After the show, the kids raced around foyer getting photos with all the characters and autographs for their playbills. They were so excited, we could barely keep them all together!
We then took the kids backstage - calling them VIP - but backstage was nothing like it was in our day. We opened the side door and found ourselves not in the short hallway separating the choir room from the two dressing rooms, but in a long school corridor with classrooms everywhere. A student, still in her actor's makeup but now wearing a Beauty & the Beast t-shirt, pointed us in the right direction. Soon, we found ourselves in that very choir room I knew so well, which still opened up into the wings of the stage.

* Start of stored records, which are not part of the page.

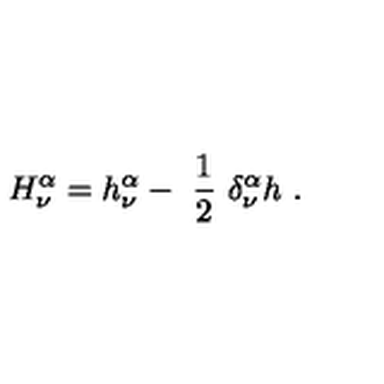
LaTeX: H _ { \nu } ^ { \alpha } = h _ { \nu } ^ { \alpha } - \ \frac { 1 } { 2 } \ \delta _ { \nu } ^ { \alpha } h \ .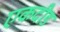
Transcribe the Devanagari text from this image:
एकदीड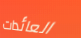
العائدات

More memories. This is where pre-show excitement electrified the air, where we were shhhhhhed a million times, where girls did the boys' make-up (especially the boys we liked), where twenty-second costume changes were somehow managed in ten. Many arguments broke out in that room, and so did many make-out sessions. It's a magical room.
We entered the wings and walked onto the stage. Devon joked that she could feel our stage ghosts, but silly as it sounds, I kind of felt we could. I saw myself fifteen years younger standing behind that red curtain, with the hush of the audience, the pit band playing, all of us making silent, exaggerated faces to warm up, noiselessly shaking out our hands and arms to build up the energy, and waiting for that breathless moment when the curtains would be pulled and the full bright lights would blind us and we would turn into fiction.
As I watched our kids run around the stage, making lots of noise, and trying to climb all over the set (which we put an instant stop to), I wondered what passions they will discover as they grow and what experiences they will remember years later. I wondered where each will end up, and if they will have high school memories worth returning back for.
I may find it extremely difficult being back in my home town again after so many years away, but one thing I can say without reservation is that I have a lot of great memories of this place that have been worth revisiting.